▶ _WHAT YOU HAVE TO DO_
Take each line of the material that includes "scale" and copy it.

▶ _RECORDS_

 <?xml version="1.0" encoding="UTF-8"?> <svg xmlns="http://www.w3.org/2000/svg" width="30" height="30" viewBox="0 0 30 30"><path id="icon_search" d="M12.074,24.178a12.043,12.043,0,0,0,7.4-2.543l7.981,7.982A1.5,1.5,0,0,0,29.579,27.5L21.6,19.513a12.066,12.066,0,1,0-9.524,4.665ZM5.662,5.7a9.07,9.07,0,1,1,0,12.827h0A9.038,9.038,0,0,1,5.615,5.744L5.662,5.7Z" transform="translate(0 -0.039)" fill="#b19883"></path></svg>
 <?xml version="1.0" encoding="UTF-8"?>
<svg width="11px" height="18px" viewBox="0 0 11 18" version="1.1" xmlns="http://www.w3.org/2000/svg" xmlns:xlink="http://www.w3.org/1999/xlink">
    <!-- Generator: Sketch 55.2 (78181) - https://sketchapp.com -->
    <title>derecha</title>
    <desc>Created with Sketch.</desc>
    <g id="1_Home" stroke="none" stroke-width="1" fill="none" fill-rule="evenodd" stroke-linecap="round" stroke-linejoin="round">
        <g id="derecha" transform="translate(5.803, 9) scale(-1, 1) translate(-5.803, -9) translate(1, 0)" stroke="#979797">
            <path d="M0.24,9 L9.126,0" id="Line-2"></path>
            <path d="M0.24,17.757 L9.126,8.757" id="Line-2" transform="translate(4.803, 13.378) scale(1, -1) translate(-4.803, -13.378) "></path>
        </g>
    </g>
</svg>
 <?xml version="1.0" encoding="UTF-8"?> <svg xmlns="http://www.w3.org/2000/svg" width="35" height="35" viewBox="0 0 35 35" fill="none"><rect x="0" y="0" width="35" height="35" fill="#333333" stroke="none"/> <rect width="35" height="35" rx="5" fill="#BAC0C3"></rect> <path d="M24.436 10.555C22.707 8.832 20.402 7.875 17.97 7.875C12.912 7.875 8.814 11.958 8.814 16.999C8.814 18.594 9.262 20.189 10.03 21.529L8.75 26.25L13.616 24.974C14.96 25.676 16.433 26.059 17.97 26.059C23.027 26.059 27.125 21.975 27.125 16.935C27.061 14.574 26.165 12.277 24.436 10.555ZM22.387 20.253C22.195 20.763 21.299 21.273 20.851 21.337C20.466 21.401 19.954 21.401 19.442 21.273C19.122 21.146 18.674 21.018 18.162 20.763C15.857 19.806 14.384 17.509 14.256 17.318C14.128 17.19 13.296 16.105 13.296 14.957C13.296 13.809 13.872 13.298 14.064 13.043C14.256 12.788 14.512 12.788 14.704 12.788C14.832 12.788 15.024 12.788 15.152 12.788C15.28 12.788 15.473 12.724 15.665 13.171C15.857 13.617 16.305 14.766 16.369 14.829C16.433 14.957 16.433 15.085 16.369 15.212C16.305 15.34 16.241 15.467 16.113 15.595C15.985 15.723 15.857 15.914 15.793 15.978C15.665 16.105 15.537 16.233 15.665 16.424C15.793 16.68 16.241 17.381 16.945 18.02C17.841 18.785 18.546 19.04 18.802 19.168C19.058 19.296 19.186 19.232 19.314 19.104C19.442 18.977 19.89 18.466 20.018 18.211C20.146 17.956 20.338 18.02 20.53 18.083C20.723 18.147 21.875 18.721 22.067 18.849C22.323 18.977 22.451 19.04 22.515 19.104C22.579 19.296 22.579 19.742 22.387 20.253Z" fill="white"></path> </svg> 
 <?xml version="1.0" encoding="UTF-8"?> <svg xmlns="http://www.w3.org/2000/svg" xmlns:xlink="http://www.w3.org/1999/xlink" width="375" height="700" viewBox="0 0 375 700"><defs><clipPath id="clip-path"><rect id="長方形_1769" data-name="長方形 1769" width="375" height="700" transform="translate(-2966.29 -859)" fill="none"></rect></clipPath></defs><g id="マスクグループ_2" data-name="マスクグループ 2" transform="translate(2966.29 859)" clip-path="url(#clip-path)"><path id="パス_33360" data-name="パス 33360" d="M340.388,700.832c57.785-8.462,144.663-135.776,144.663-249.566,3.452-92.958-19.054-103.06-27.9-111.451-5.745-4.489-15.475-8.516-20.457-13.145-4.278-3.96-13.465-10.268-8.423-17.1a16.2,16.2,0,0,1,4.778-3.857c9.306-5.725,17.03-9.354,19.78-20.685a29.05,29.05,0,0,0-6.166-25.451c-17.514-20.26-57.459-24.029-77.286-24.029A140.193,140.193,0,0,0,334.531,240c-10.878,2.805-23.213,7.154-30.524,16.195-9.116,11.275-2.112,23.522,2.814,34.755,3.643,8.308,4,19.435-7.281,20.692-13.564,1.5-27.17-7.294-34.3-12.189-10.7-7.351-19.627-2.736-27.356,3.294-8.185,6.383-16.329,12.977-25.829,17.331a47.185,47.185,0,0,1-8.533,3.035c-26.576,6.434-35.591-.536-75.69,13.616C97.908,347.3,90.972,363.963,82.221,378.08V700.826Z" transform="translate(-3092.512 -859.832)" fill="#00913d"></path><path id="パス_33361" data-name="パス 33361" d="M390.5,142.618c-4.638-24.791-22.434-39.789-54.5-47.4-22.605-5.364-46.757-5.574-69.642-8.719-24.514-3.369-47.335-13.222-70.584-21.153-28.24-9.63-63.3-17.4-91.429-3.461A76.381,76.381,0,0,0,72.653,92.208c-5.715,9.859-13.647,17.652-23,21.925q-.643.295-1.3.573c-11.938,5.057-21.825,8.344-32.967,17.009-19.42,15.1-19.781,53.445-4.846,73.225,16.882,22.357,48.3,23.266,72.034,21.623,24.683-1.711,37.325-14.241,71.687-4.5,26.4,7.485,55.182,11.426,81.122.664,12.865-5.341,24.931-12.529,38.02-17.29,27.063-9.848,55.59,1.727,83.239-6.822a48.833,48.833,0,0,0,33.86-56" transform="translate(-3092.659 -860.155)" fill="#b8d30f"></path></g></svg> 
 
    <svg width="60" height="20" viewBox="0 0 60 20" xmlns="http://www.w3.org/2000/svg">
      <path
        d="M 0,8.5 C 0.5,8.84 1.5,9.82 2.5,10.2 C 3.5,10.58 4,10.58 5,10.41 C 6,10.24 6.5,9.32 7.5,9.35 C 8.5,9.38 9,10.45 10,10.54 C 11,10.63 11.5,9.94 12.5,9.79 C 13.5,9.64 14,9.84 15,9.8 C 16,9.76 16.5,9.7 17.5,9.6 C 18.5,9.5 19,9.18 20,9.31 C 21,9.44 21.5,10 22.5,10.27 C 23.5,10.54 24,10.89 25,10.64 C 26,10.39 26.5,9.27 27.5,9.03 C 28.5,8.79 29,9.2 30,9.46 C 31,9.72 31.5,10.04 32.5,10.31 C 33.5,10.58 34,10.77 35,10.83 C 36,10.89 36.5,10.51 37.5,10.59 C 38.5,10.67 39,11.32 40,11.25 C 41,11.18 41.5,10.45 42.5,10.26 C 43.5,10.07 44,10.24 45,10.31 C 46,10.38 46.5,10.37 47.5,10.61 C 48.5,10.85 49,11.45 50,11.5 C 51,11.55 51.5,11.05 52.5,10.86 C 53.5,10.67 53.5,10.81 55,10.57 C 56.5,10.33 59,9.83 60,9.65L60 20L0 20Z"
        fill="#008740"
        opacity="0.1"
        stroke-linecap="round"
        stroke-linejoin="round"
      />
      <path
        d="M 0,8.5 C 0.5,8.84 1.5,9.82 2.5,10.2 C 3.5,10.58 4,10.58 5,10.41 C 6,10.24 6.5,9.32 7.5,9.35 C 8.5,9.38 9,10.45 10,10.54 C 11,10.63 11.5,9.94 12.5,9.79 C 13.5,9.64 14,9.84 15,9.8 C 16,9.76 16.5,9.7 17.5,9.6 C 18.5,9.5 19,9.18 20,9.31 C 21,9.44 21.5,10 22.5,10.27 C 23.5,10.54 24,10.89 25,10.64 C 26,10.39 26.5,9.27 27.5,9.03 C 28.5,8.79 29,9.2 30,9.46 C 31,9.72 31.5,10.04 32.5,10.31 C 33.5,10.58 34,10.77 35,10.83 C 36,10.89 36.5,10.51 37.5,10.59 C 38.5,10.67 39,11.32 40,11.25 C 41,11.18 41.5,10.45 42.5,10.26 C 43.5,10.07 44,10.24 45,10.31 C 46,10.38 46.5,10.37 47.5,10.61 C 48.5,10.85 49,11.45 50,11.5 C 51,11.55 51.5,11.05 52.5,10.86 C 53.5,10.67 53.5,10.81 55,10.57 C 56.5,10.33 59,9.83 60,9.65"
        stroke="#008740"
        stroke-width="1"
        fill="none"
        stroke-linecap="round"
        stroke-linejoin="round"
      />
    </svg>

▶ _RESULT_
        <g id="derecha" transform="translate(5.803, 9) scale(-1, 1) translate(-5.803, -9) translate(1, 0)" stroke="#979797">
            <path d="M0.24,17.757 L9.126,8.757" id="Line-2" transform="translate(4.803, 13.378) scale(1, -1) translate(-4.803, -13.378) "></path>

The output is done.